Pasca surat MA, muncul sertifikat advokat palsu agar bisa disumpah
"Akibatnya akan banyak advokat abal-abal yang justru akan merugikan para pencari keadilan," kata Shalih.
Perhimpunan Advokat Indonesia (Peradi) menemukan adanya dugaan pemalsuan sertifikat pendidikan khusus profesi advokat (PKPA) yang dilakukan anggota Kongres Advokat Indonesia di Pengadilan Tinggi Kendari ke Polda Sulawesi Tanggara.
"Kami menerima laporan dari DPC Peradi Kendari kalau ada tiga sertifikat PKPA yang diduga palsu dan dilegalisir oleh KAI. Saya langsung melakukan pengecekan di lapangan dan ternyata memang sertifikat yang digunakan tidak teregristrasi di Peradi," kata Ketua Bidang PKPA dan Sertifikasi DPN Peradi Shalih Mangara Sitompul dilansir Antara, Rabu (3/2).
Pemalsuan ini muncul setelah adanya surat Ketua Mahkamah Agung yang memberikan kebebasan Pengadilan Tinggi untuk dapat mengambil sumpah kepada calon advokat dari organisasi manapun yang telah memenuhi syarat. Surat Ketua MA No 73 isinya tentang semua ketua pengadilan tinggi bisa menyumpah advokat yang telah memenuhi syarat tidak memandang organisasinya.
"Akibat surat Ketua MA No 73 ini membuat seorang calon advokat menghalalkan segala cara untuk bisa ikut diambil sumpah oleh Pengadilan Tinggi. Akibatnya akan banyak advokat abal-abal yang justru akan merugikan para pencari keadilan," ucapnya.
Ketua Bidang Pembelaan Organisasi DPN Peradi Heppy SP Sihombing mengaku akan memimpin langsung tim yang melakukan pelaporan terhadap pemalsuan ke Polda Sulawesi Tenggara dalam waktu dekat. Setidaknya ada tiga modus operadi yang dilakukan para pemalsu sertifikat PKPA Peradi. Pertama dengan melakukan 'scanner' atau pemindaian sertifikat atas nama orang lain dan menggantinya dengan nama mereka.
"Pelantikannya ini dilakukan pada 17 November 2015. Syarat sertifikat yang dikeluarkan pada Oktober 2015 yang ditandatangani oleh Ketua Umum Peradi sebelumnya yang dijabat Otto Hasibuan. Padahal sertifikat yang dikeluarkan pada Oktober itu ditandatangi oleh Ketum yang baru Fauzie Yusuf Hasibuan," jelas Heppy.
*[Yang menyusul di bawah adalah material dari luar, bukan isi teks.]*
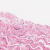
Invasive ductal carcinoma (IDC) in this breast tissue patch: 0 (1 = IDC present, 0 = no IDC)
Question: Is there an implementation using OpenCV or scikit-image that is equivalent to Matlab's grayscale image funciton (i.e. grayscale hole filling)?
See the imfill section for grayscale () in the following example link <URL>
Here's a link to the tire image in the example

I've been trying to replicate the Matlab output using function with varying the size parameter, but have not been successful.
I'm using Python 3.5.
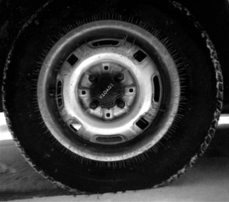
Answer: Two versions of the flood-fill algorithm have been implemented in Python here:
<URL>
The first, simpler one contained two undefined variables, but here is a working version:
'''
import numpy as np
import scipy as sp
import scipy.ndimage
def flood_fill(test_array,h_max=255):
input_array = np.copy(test_array)
el = sp.ndimage.generate_binary_structure(2,2).astype(np.int)
inside_mask = sp.ndimage.binary_erosion(~np.isnan(input_array), structure=el)
output_array = np.copy(input_array)
output_array[inside_mask]=h_max
output_old_array = np.copy(input_array)
output_old_array.fill(0)
el = sp.ndimage.generate_binary_structure(2,1).astype(np.int)
while not np.array_equal(output_old_array, output_array):
output_old_array = np.copy(output_array)
output_array = np.maximum(input_array,sp.ndimage.grey_erosion(output_array, size=(3,3), footprint=el))
return output_array
'''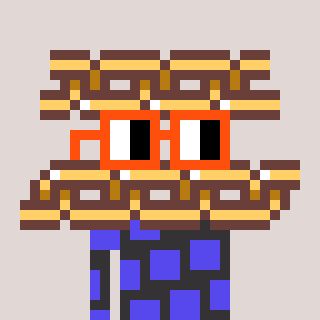
a pixel art character with square orange glasses, a chain-shaped head and a grayscale-colored body on a warm background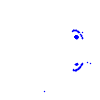
Particle: pion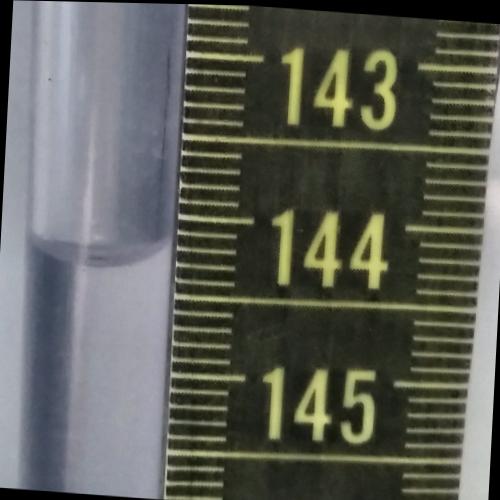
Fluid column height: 144.3 cm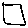
Label: square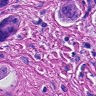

Selain itu dalam sertifikasi yang diduga palsu tersebut terdapat perbedaan tanggal dikeluarkannya. Dalam sertifikat yang asli dikeluarkan DPN Peradi adalah tanggal 11 Oktober 2015, sedangkan dalam sertifikat yang diduga palsu tertanggal 15 Oktober 2015.
"DPN Peradi selalu melakukan regrestrasi secara ketat setiap sertifikat yang dikeluarkannya baik tanggal, nomor sertifikat semua secara berurutan. Nah sertifikat yang diduga palsu tidak ada nomor regrestrasinya," tambah Heppy.
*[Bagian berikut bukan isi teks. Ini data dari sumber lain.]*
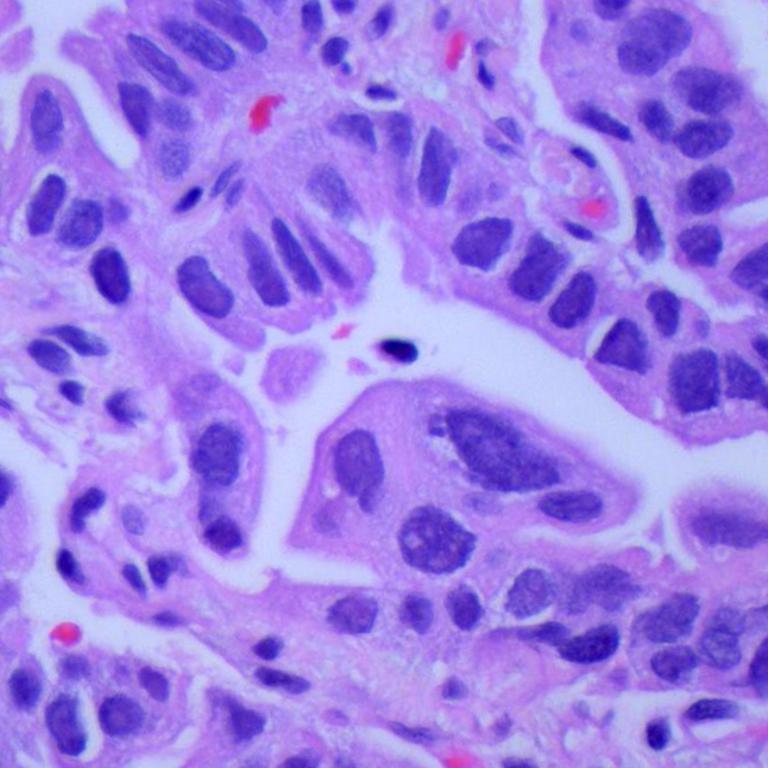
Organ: lung
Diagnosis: adenocarcinomas

Lebih lanjut Heppy menjelaskan selain tiga orang yang telah diduga melakukan scanner sertifikat, DPN Peradi juga menemukan adanya tujuh sertifikat palsu lainnya dengan modus operadi yang berbeda.
"Untuk yang tujuh ini mereka tidak pernah mengambil sertifikat kelulusan PKPA di DPN Peradi Slipi karena belum menyelesaikan administrasi sehingga sertifikat yang bersangkutan masih ada dan ditahan di DPN," paparnya.